### EXERCISE BRIEF
If a line in the data has the string "linejoin", please show it.

### TASK MATERIAL
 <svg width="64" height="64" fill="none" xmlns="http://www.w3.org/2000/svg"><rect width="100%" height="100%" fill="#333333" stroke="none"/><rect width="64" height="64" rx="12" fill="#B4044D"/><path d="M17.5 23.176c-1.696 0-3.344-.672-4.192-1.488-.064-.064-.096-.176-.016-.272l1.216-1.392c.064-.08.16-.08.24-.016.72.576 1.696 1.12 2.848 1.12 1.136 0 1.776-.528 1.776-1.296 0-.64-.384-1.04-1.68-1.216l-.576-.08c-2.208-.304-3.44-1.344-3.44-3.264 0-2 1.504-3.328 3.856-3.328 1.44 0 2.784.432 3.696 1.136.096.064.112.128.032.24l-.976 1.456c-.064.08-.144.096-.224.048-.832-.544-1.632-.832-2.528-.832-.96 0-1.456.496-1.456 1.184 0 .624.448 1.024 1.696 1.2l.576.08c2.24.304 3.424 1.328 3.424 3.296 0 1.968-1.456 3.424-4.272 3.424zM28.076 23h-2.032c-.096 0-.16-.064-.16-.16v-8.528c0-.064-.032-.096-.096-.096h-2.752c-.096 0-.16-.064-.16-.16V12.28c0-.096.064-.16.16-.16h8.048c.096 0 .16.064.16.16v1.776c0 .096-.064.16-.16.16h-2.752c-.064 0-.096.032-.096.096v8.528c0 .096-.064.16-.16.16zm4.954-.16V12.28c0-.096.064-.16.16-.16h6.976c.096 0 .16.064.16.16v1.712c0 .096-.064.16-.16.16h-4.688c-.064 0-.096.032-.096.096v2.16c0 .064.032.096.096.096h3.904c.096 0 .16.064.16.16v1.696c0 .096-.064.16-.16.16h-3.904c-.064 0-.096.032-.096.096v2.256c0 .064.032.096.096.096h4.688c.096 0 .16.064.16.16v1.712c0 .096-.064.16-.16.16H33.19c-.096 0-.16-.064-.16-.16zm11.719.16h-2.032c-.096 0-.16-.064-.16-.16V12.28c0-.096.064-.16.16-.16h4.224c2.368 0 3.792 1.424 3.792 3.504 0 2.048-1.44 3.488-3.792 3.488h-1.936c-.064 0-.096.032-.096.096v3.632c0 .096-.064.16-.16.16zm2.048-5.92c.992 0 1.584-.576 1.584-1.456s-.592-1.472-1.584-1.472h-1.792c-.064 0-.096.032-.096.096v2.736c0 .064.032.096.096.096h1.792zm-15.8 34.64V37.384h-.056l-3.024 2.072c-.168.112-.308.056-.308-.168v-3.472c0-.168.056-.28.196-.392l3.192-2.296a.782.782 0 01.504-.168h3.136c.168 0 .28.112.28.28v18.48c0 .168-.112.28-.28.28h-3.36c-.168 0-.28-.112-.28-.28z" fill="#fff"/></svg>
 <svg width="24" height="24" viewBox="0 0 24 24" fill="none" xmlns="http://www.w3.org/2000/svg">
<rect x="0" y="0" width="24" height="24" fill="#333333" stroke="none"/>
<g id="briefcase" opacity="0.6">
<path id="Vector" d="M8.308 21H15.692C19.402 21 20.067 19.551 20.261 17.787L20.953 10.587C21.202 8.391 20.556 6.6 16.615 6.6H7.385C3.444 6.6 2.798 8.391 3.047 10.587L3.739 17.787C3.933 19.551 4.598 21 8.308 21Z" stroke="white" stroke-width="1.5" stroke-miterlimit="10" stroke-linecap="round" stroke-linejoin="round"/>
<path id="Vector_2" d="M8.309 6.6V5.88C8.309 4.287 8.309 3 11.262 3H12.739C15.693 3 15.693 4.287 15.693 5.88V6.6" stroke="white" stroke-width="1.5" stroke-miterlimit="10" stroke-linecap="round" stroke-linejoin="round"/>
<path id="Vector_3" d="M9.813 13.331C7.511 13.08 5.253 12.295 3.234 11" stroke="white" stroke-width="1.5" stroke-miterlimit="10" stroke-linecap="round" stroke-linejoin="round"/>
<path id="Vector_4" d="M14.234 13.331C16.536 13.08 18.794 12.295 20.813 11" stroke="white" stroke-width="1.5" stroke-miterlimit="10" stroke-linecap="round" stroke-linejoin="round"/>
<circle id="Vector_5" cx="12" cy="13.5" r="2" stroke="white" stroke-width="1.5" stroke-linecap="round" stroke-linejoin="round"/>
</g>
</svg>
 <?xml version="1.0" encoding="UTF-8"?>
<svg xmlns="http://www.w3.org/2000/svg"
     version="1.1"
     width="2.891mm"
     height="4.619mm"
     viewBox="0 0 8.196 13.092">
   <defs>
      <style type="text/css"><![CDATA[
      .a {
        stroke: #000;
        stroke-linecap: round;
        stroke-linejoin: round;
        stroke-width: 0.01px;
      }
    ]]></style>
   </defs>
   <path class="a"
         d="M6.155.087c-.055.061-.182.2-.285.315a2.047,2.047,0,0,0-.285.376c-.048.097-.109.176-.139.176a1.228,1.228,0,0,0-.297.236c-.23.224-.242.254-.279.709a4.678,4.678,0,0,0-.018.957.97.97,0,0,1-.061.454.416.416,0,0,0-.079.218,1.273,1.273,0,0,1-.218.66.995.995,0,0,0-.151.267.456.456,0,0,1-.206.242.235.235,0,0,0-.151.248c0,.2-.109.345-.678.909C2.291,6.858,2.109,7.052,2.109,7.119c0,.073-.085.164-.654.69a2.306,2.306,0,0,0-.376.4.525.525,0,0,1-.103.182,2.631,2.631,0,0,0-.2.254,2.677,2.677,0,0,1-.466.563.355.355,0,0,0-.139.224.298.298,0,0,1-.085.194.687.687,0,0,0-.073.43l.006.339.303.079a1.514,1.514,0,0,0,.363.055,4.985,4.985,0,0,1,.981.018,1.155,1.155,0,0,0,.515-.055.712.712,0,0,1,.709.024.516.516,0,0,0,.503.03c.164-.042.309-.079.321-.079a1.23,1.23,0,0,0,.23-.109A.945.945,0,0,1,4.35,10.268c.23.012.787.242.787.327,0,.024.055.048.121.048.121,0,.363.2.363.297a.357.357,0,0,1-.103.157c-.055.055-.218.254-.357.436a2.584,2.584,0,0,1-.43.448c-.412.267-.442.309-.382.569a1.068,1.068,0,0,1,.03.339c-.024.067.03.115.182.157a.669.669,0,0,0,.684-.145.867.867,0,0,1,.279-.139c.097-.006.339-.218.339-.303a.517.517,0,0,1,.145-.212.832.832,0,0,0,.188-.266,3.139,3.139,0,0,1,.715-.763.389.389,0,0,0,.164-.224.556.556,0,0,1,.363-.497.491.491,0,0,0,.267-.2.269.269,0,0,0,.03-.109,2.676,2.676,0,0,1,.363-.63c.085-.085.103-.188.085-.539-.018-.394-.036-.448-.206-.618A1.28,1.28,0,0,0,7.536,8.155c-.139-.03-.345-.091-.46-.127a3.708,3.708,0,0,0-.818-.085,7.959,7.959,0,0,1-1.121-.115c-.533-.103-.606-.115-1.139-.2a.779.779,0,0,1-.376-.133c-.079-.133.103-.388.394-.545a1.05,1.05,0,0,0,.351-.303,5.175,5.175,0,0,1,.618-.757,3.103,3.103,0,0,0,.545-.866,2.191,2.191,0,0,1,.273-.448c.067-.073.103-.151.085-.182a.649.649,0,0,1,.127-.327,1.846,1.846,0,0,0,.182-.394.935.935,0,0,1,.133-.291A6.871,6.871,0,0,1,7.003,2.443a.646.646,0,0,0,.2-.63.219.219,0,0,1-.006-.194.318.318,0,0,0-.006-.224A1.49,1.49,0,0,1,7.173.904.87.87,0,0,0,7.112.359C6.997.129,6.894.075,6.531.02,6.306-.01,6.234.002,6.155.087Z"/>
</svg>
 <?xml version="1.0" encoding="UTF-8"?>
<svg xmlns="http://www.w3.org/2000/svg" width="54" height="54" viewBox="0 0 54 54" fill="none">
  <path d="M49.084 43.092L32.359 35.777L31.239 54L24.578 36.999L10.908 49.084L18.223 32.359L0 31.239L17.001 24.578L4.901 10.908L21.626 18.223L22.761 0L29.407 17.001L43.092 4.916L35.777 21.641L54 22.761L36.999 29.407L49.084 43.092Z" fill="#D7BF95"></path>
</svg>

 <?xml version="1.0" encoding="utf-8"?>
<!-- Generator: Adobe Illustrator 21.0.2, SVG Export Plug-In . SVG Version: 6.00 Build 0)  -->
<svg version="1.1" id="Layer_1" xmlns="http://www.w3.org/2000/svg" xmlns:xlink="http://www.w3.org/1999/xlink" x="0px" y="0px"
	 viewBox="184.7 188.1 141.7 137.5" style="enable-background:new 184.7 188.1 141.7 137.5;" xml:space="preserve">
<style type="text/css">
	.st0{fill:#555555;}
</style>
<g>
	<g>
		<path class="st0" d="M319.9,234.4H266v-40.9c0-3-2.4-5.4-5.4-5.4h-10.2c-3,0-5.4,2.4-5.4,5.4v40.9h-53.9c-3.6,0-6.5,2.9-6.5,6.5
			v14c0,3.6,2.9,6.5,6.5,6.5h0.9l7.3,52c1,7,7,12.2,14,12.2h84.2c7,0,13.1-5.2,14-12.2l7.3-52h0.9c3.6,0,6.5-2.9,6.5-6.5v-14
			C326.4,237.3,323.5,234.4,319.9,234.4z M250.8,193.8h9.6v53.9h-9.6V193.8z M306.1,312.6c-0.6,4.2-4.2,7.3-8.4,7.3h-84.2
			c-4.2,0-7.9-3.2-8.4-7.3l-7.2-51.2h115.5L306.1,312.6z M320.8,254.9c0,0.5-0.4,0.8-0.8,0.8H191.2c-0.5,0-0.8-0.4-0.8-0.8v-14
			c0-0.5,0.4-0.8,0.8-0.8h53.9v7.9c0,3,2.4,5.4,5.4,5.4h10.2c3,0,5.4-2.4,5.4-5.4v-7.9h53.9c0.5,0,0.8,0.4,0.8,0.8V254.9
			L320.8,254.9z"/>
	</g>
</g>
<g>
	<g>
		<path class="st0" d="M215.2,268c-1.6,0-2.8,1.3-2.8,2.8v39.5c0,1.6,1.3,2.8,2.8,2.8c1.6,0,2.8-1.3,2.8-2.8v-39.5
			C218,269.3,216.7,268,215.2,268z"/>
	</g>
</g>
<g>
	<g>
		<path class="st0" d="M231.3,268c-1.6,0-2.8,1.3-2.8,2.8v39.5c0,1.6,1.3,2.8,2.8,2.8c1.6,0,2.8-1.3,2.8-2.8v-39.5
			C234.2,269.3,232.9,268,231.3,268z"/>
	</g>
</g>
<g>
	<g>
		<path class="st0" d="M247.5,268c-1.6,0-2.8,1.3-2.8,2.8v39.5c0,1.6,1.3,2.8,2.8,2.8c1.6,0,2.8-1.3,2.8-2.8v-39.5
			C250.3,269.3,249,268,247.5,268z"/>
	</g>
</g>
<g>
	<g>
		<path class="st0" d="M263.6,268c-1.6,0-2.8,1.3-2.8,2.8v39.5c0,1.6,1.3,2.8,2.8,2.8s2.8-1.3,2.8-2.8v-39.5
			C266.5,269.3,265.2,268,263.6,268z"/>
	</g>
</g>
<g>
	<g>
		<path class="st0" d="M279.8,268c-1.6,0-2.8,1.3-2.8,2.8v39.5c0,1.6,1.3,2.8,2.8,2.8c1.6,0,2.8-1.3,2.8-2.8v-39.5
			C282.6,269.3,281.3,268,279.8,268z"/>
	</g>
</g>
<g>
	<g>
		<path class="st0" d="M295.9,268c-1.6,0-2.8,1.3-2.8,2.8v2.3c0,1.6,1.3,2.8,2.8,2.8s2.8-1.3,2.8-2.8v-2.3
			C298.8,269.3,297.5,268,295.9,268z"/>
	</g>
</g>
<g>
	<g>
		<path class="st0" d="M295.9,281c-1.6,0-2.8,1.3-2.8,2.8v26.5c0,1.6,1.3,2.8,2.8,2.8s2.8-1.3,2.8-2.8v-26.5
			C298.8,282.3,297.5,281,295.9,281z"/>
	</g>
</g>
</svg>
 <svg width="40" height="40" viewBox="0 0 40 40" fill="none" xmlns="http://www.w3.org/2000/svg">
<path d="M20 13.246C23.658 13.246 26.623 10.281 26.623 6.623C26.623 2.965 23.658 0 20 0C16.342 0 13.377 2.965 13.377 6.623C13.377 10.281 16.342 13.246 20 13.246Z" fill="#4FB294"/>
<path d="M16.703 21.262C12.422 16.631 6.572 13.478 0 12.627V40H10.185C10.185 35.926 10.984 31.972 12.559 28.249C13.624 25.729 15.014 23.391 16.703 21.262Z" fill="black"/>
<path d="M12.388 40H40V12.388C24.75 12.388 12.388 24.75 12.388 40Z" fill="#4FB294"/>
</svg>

### SOLUTION BELOW
<path id="Vector" d="M8.308 21H15.692C19.402 21 20.067 19.551 20.261 17.787L20.953 10.587C21.202 8.391 20.556 6.6 16.615 6.6H7.385C3.444 6.6 2.798 8.391 3.047 10.587L3.739 17.787C3.933 19.551 4.598 21 8.308 21Z" stroke="white" stroke-width="1.5" stroke-miterlimit="10" stroke-linecap="round" stroke-linejoin="round"/>
<path id="Vector_2" d="M8.309 6.6V5.88C8.309 4.287 8.309 3 11.262 3H12.739C15.693 3 15.693 4.287 15.693 5.88V6.6" stroke="white" stroke-width="1.5" stroke-miterlimit="10" stroke-linecap="round" stroke-linejoin="round"/>
<path id="Vector_3" d="M9.813 13.331C7.511 13.08 5.253 12.295 3.234 11" stroke="white" stroke-width="1.5" stroke-miterlimit="10" stroke-linecap="round" stroke-linejoin="round"/>
<path id="Vector_4" d="M14.234 13.331C16.536 13.08 18.794 12.295 20.813 11" stroke="white" stroke-width="1.5" stroke-miterlimit="10" stroke-linecap="round" stroke-linejoin="round"/>
<circle id="Vector_5" cx="12" cy="13.5" r="2" stroke="white" stroke-width="1.5" stroke-linecap="round" stroke-linejoin="round"/>
        stroke-linejoin: round;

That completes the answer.